(Provided information Opens)

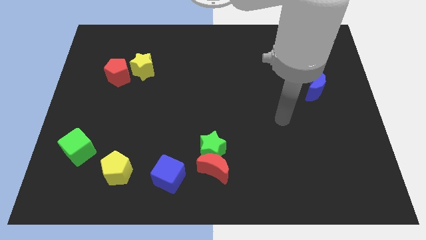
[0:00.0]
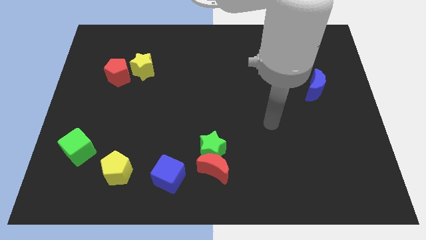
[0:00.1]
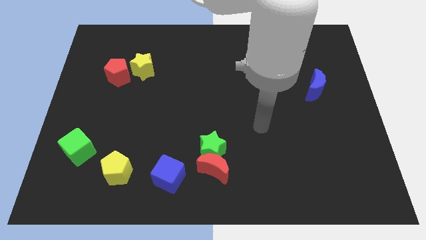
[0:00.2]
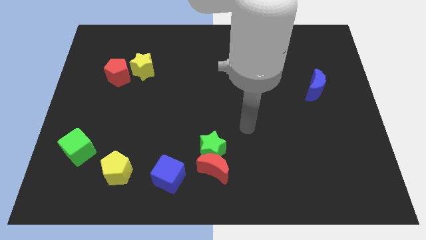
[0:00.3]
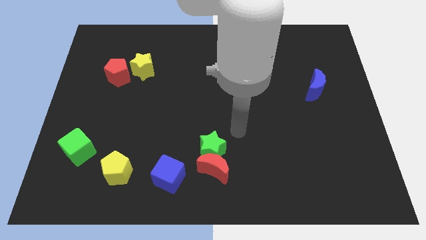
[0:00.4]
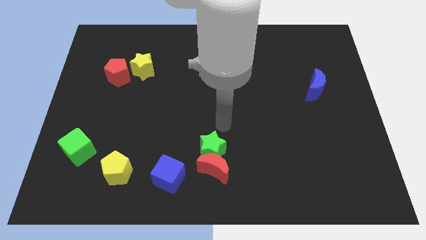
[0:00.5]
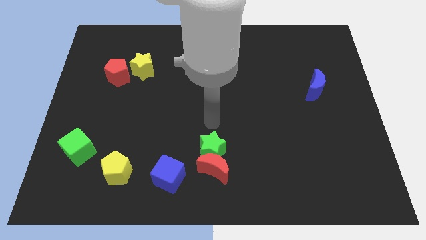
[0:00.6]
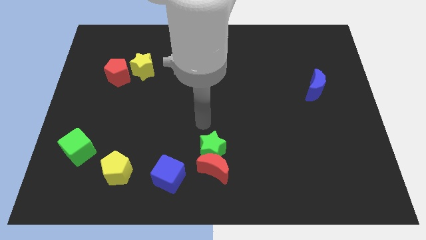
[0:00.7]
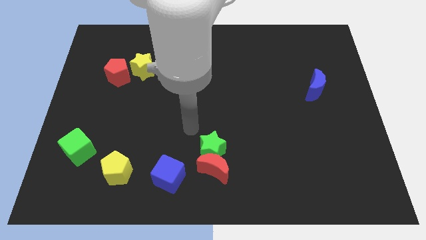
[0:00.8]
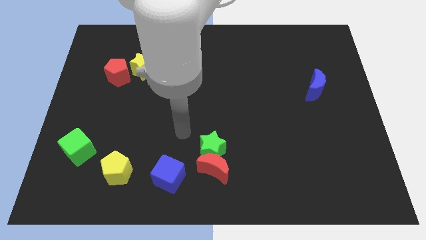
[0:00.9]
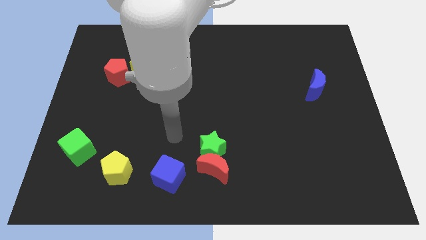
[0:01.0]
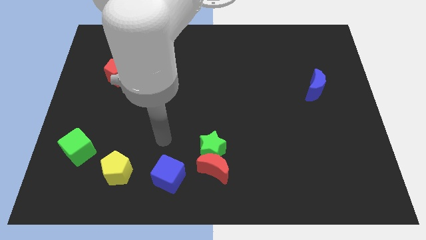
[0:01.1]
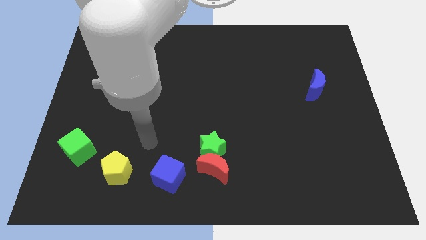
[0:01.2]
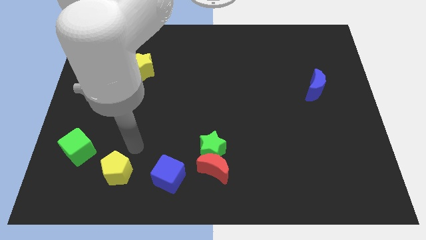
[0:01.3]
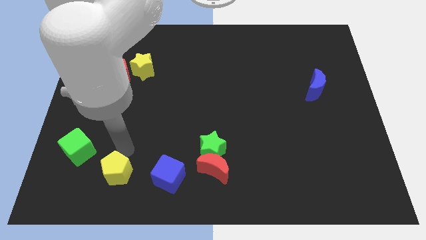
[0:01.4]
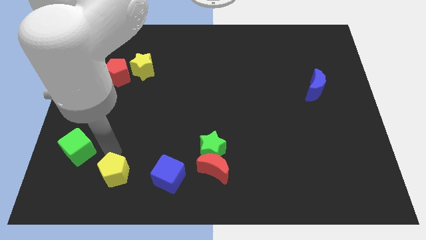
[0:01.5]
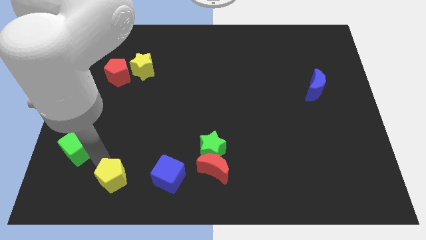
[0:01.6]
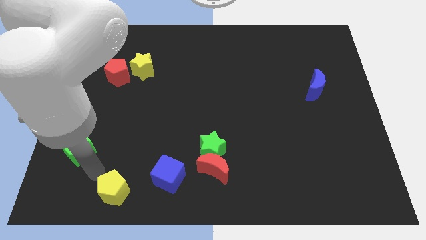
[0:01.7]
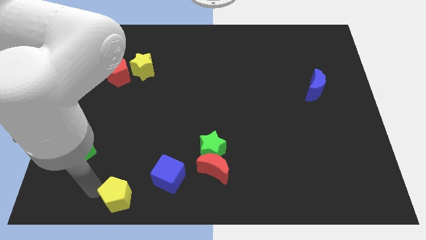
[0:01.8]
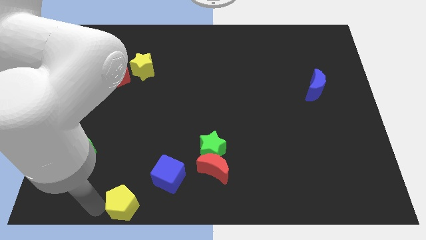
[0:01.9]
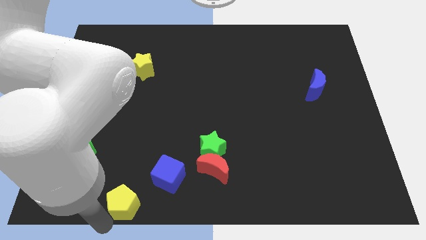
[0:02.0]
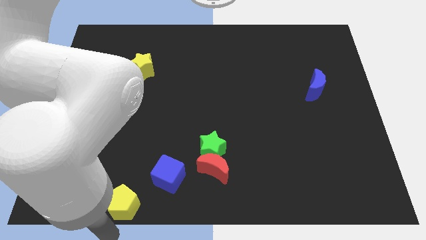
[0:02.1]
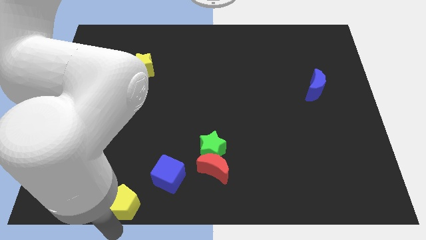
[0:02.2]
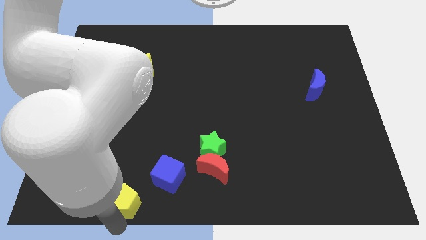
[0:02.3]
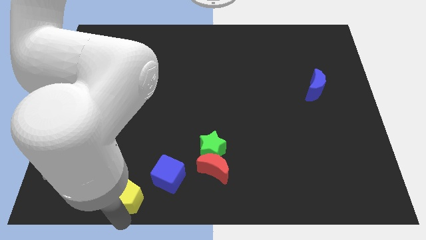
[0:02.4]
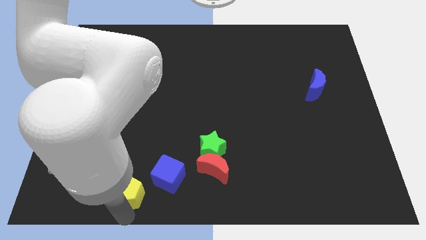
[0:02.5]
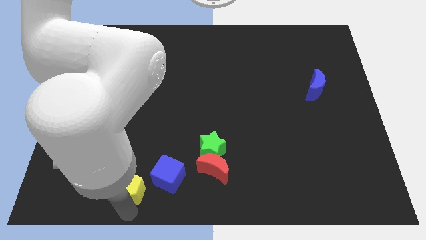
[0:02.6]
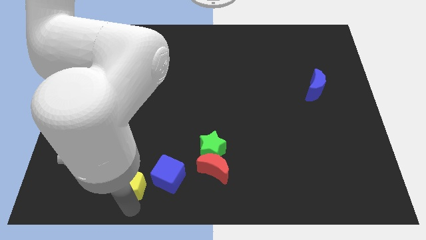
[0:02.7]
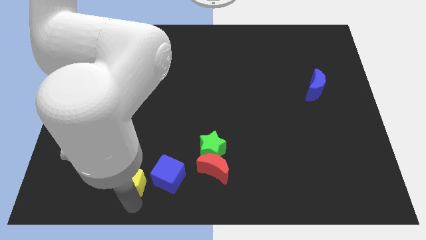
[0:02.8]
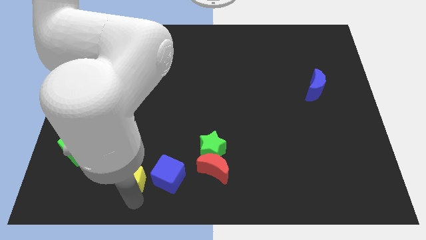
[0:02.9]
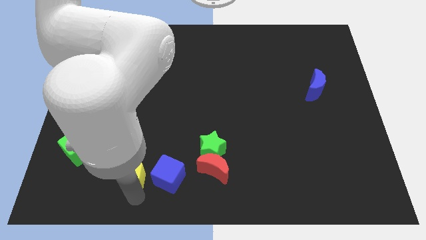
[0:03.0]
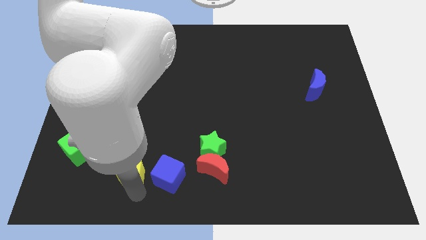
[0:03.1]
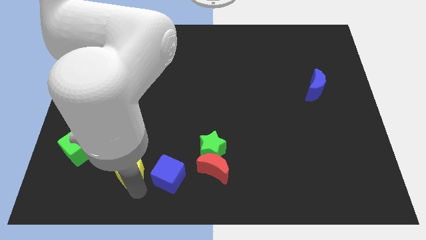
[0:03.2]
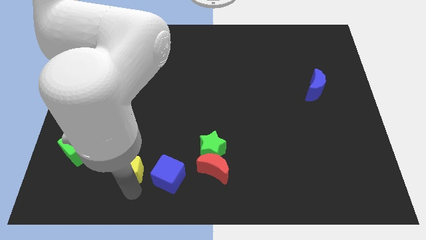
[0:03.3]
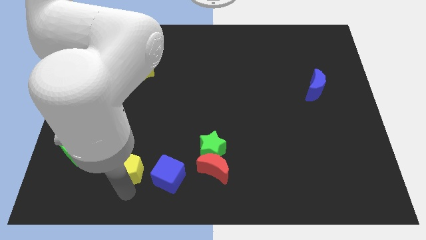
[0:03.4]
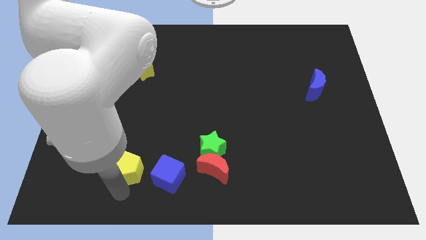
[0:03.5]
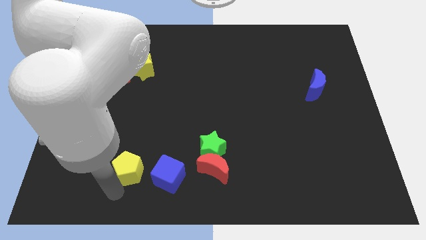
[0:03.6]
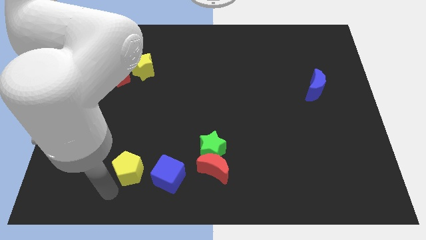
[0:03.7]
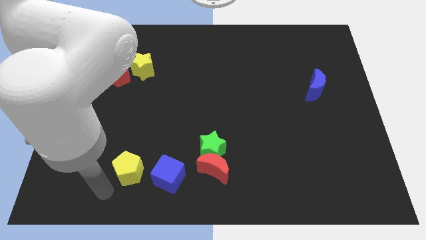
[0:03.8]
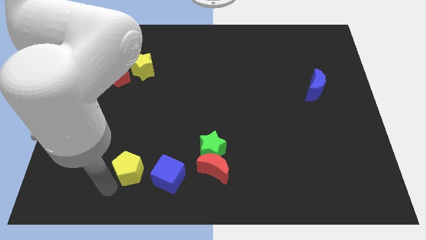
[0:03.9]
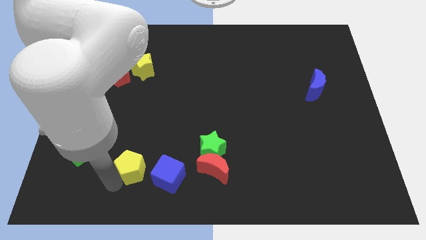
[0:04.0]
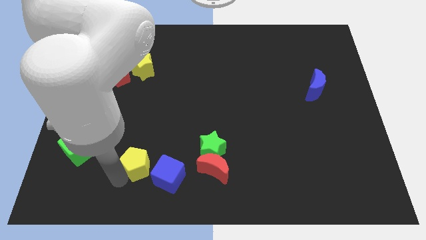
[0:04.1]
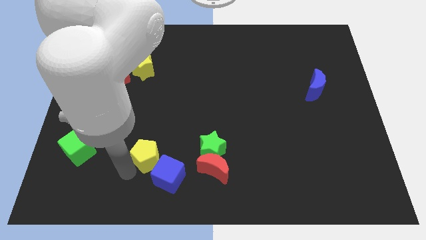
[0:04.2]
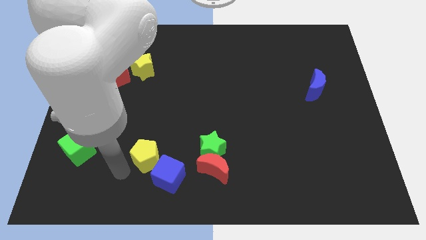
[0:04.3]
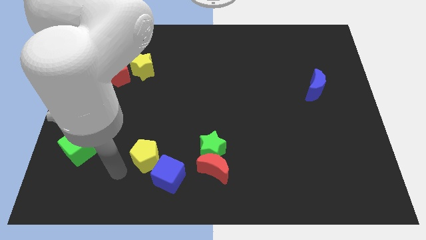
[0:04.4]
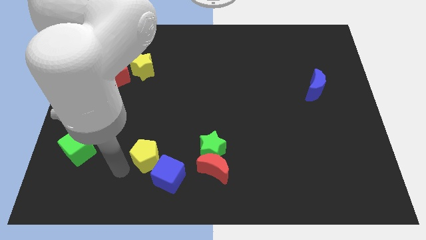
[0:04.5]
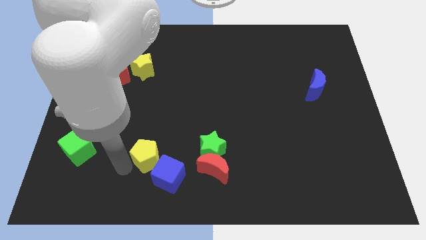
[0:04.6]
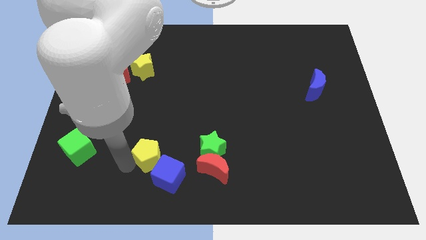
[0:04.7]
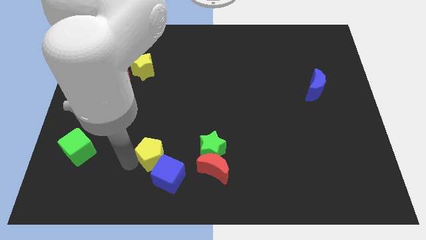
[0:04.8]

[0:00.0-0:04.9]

(Provided information Closes)

Strip out the pictures and repeat the listing above exactly.

### Output of the task
[0:00.0]
[0:00.1]
[0:00.2]
[0:00.3]
[0:00.4]
[0:00.5]
[0:00.6]
[0:00.7]
[0:00.8]
[0:00.9]
[0:01.0]
[0:01.1]
[0:01.2]
[0:01.3]
[0:01.4]
[0:01.5]
[0:01.6]
[0:01.7]
[0:01.8]
[0:01.9]
[0:02.0]
[0:02.1]
[0:02.2]
[0:02.3]
[0:02.4]
[0:02.5]
[0:02.6]
[0:02.7]
[0:02.8]
[0:02.9]
[0:03.0]
[0:03.1]
[0:03.2]
[0:03.3]
[0:03.4]
[0:03.5]
[0:03.6]
[0:03.7]
[0:03.8]
[0:03.9]
[0:04.0]
[0:04.1]
[0:04.2]
[0:04.3]
[0:04.4]
[0:04.5]
[0:04.6]
[0:04.7]
[0:04.8]

[0:00.0-0:04.9]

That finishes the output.